As Socialist Healthcare System Crumbles, Canadians Are Now Far Less Confident Than Americans When It Comes To Getting Needed Emergency Care

The results of a new Angus Reid poll are devastating, and the remaining defenders of the current Canadian healthcare system are rapidly losing their credibility.

Debates about the Canadian healthcare system almost always descend into some sort of ignorant comparison between Canada and the US.

Defenders of the failed socialist system often act as if the Canadian and US systems are the only ones that exist, while ignoring the fact that most of Europe has a mix of public and private delivery while retaining universal access.

Those who support the draconian Canadian socialist healthcare system make the comparison with the US because the US is – like Canada but in the opposite direction – an outlier when it comes to healthcare.

They can point to the many uninsured Americans, and the many Americans who go bankrupt because of health bills, and claim the Canadian system is ‘better.’ So, it is their preferred tactic.

But now, things are so bad within Canada’s healthcare system that even that tactic is failing.

Increasingly, Canada’s system is ‘universal’ only in that it is widely inaccessible to millions of Canadians.

And according to a new Angus Reid poll, Canadians are far less confident than Americans when it comes to getting need emergency care.

Angus Reid polled both Canadians and Americans, and asked the following question:

“Suppose you had an emergency today – you or someone in your family needed emergency care – how confident are you that you would be able to get care in a timely fashion?”

Just 7% of Canadians said they were “very confident” they would get care.
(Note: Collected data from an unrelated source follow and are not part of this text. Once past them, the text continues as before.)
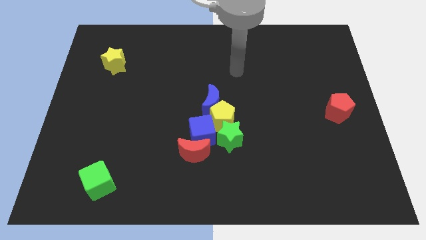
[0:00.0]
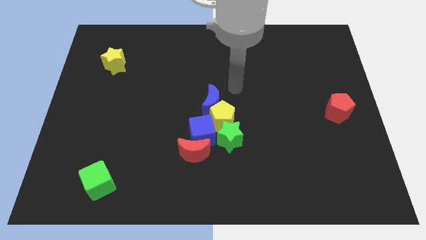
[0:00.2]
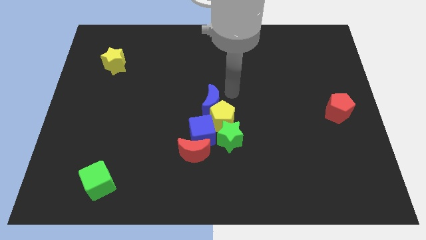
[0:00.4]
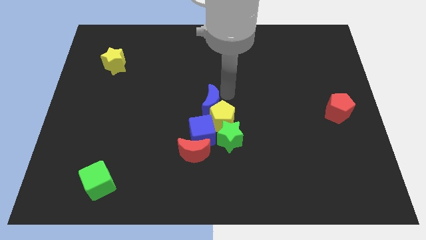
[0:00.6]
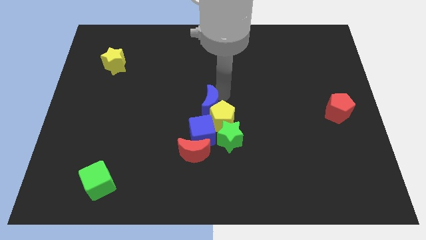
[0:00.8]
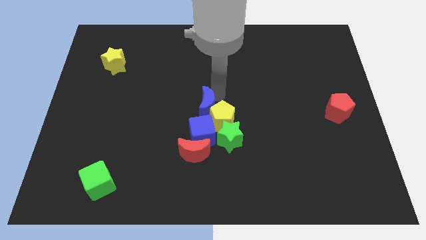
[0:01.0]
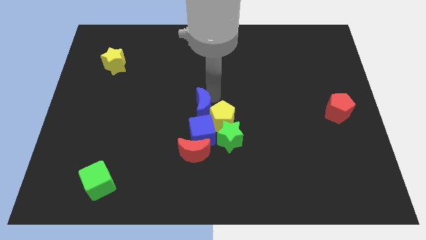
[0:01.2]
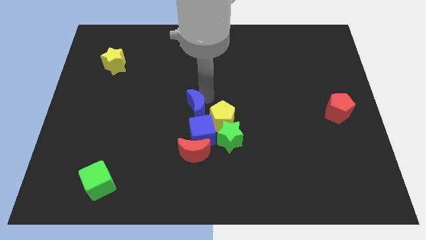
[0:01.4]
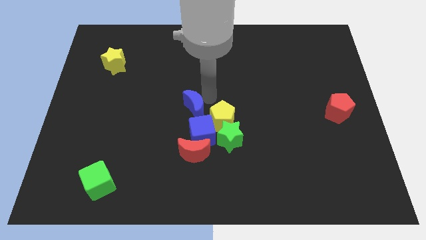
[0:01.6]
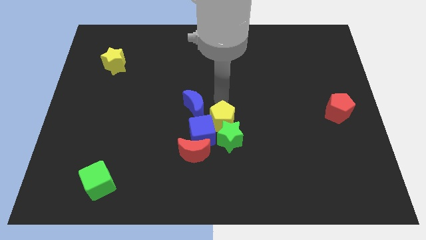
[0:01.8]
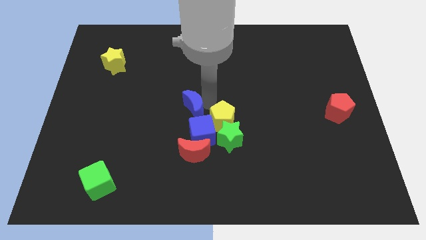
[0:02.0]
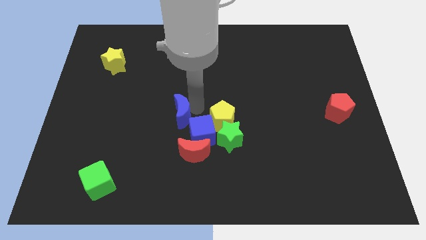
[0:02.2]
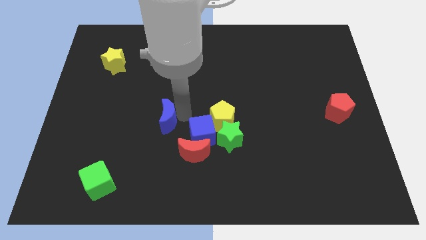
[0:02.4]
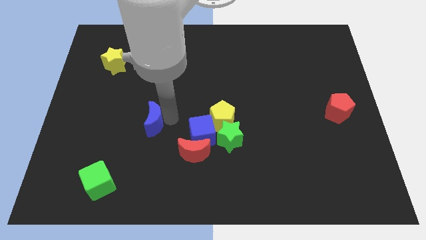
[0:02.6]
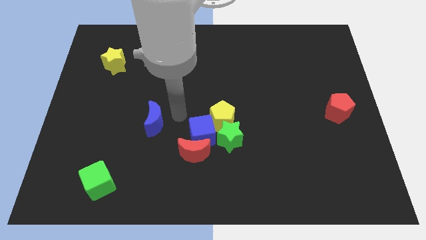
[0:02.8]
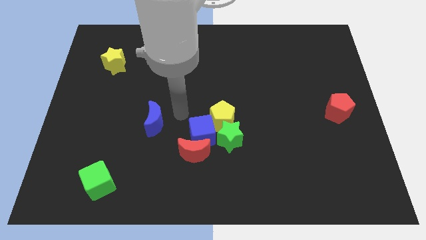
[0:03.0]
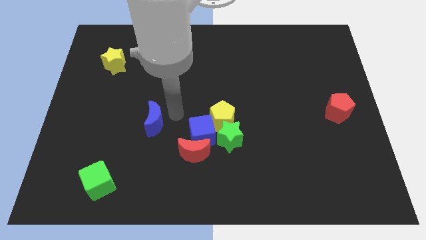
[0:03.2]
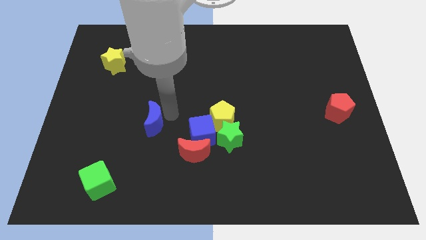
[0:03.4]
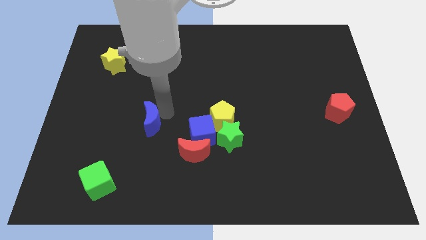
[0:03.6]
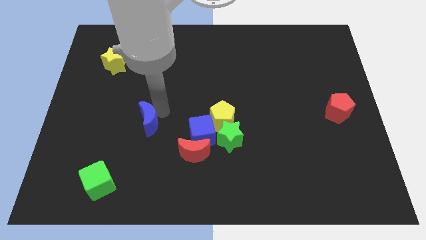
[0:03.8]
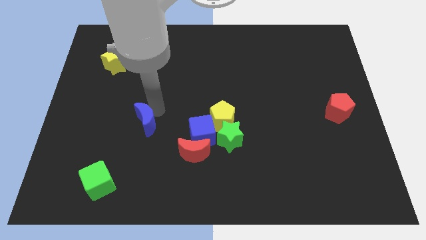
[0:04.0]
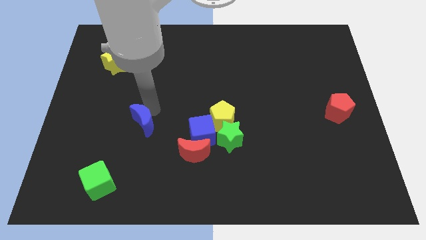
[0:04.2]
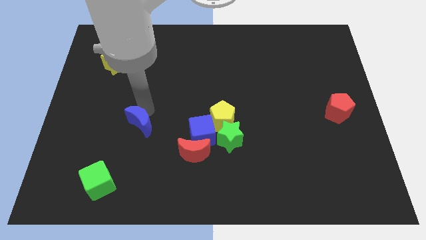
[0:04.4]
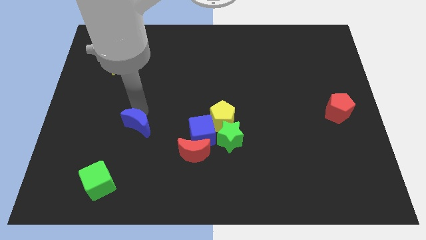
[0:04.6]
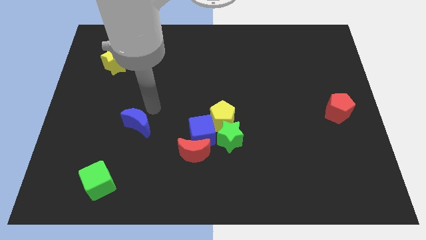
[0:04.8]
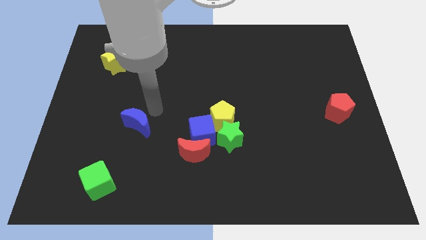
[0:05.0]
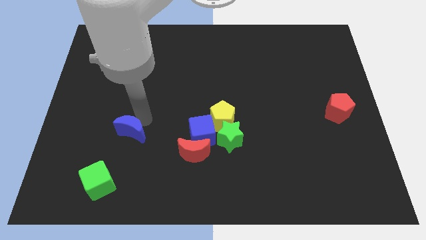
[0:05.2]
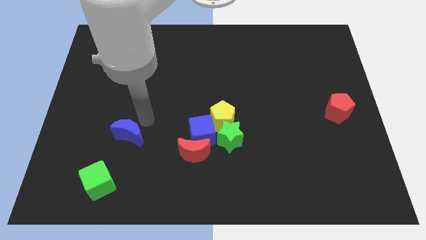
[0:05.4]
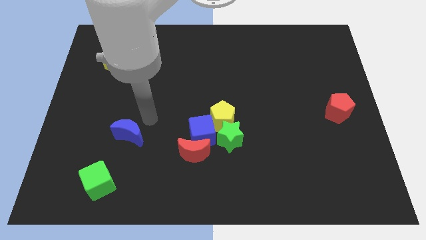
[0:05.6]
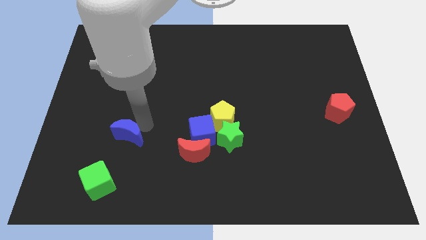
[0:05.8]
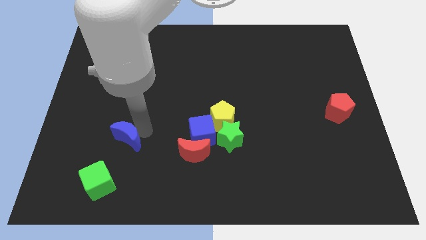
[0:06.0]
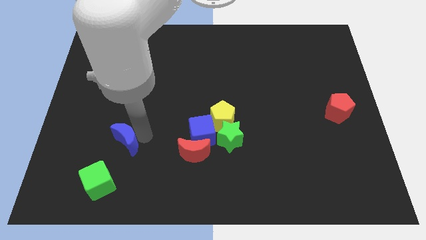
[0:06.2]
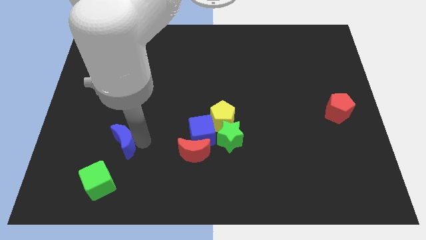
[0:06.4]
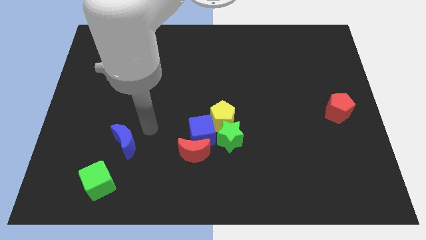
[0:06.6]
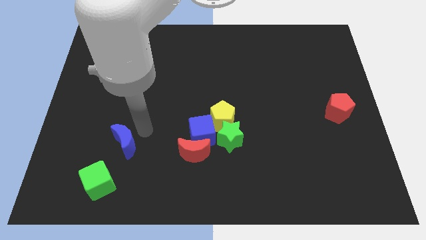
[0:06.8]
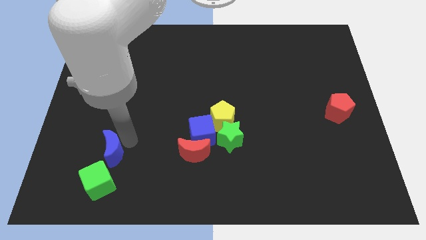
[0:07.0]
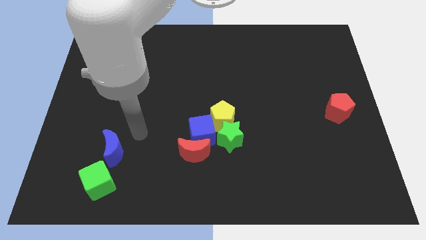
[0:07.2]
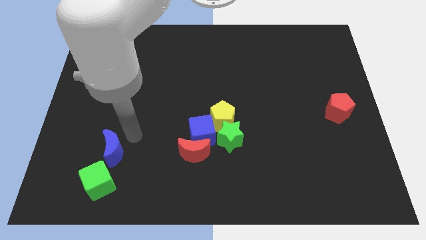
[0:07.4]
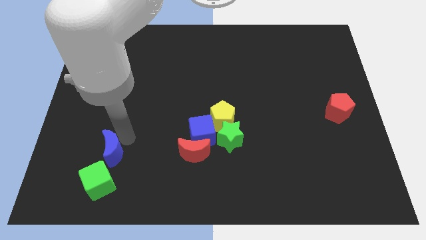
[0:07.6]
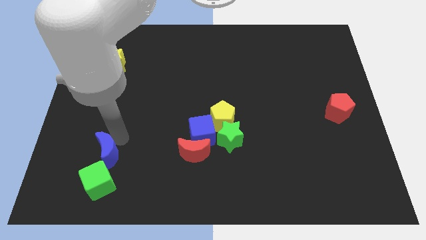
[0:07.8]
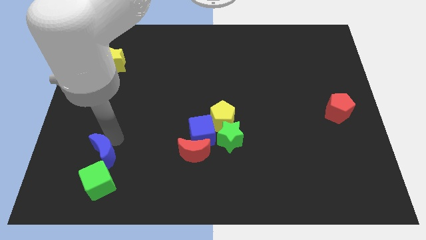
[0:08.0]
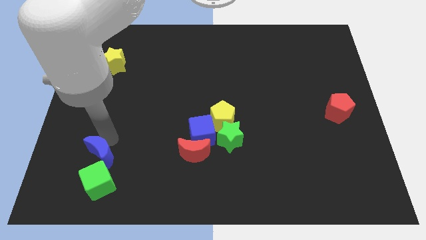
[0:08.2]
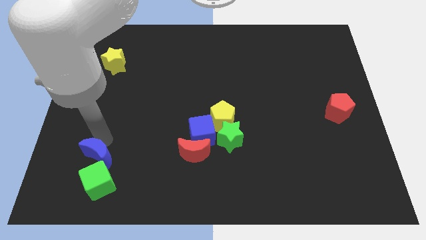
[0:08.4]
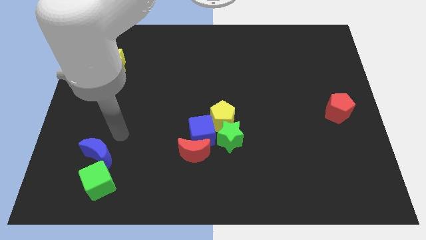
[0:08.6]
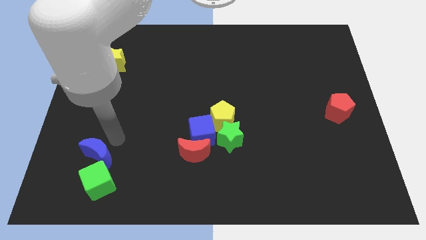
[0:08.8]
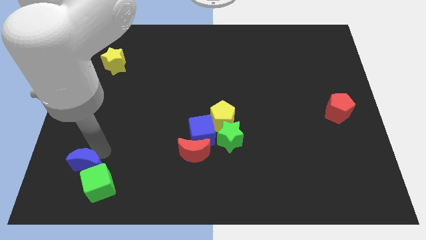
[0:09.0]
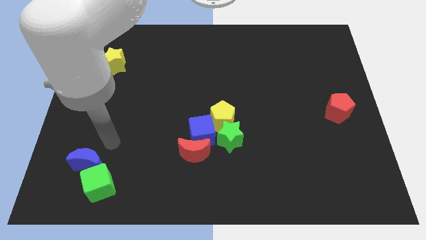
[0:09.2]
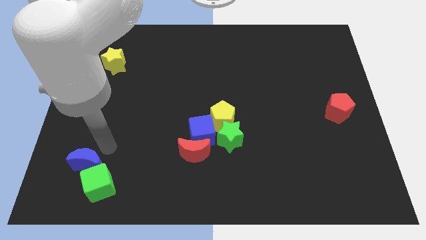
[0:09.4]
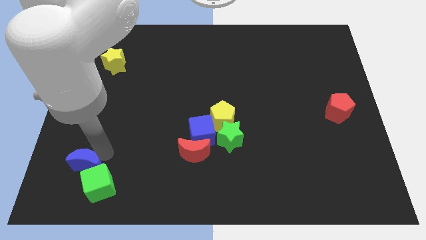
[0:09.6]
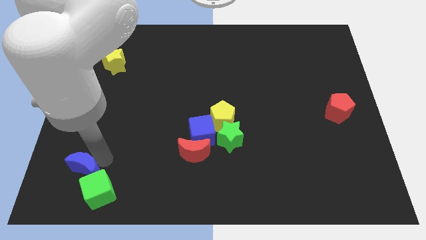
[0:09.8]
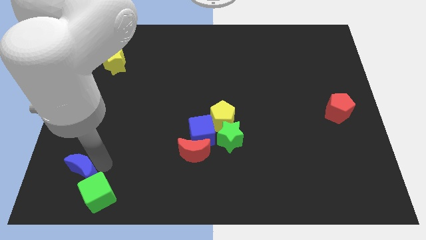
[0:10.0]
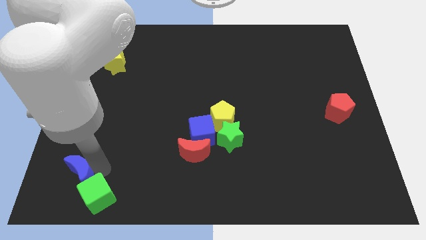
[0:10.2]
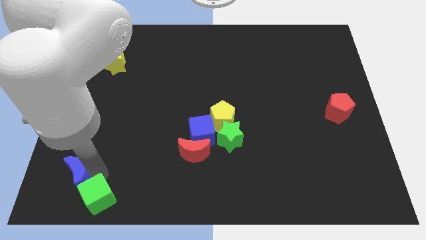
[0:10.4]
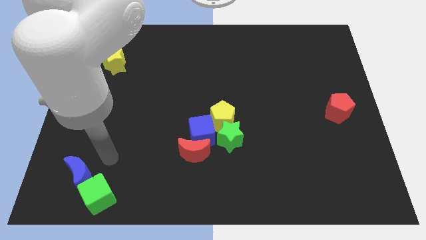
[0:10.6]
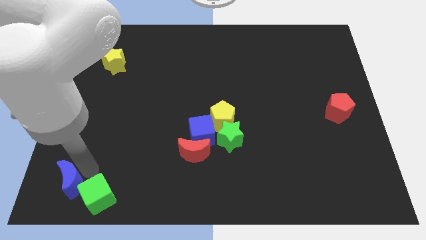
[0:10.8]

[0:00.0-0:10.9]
move the blue moon to the lower left corner

Another 30% said they were “confident.”

Here’s where it gets brutal.

A full 37% said they were “not that confident” they could get timely care, while another 24% said they were “not confident at all.”

That leaves 61% of Canadians – a clear majority – who lack confidence that they could get timely emergency care in our system, vs just 37% who are confident.
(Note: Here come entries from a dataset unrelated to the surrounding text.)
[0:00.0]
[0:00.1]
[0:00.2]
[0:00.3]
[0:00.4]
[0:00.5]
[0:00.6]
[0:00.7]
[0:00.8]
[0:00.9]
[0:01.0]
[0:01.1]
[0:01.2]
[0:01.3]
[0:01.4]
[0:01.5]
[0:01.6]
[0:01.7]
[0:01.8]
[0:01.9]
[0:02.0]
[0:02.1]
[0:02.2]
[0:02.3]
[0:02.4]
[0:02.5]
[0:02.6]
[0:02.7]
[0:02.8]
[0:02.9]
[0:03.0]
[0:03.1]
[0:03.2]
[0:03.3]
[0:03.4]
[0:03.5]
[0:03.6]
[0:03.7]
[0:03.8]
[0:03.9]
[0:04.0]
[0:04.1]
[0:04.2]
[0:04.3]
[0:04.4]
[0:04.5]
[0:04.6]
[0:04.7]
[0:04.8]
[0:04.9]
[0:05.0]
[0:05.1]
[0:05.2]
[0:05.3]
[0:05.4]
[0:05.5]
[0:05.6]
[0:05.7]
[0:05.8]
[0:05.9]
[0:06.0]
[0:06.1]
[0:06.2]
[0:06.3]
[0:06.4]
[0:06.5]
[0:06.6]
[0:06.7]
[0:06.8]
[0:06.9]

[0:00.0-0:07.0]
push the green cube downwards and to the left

And the numbers for Americans are completely different.

29% of Americans said they were “very confident” they could get timely emergency care, while 41% said they were “confident.”

19% said they were “not that confident,” while just 6% said they were “not confident at all.”

Combined, you have 70% of Americans expressing confidence they can get timely emergency care, vs 25% who are not confident.

Let’s compare those numbers directly:

Confident in receiving timely emergency care:

Canadians – 37%, Americans 70%.

Not confident in receiving timely emergency care:

Canadians 61%, Americans 25%.

This is perhaps the most profound indictment of the Canadian healthcare system we’ve seen in quite some time when it comes to polling. The only more profound indictment has been the increasing use of state-assisted suicide as a ‘substitute’ for healthcare.

The poll includes even more devastating information on the crumbling system.

29% of Canadians expressed “chronic difficulty” getting healthcare access, while another 31% said they had “some challenges”.

Just 15% said they had “comfortable access,” and another 26% said they did not need to access the system.

Universal healthcare in Canada is currently dead

We must be honest about what this means.

Canada doesn’t have a universal healthcare system.

That system is dead.

Putting the name “universal” on a system doesn’t mean anything if it isn’t actually accessible.

And now that the Canadian socialist system is less reliable to Canadians than the American system is to Americans, nobody can fairly and honestly appraise the situation as anything other than a total disaster.

The last redoubt of the socialized system defenders has been breached.

It is now not a matter of if Canada is forced to embrace a much larger role for the private sector in healthcare delivery, it is only a matter of when, and the longer it takes, the more Canadians will needlessly suffer in the meantime.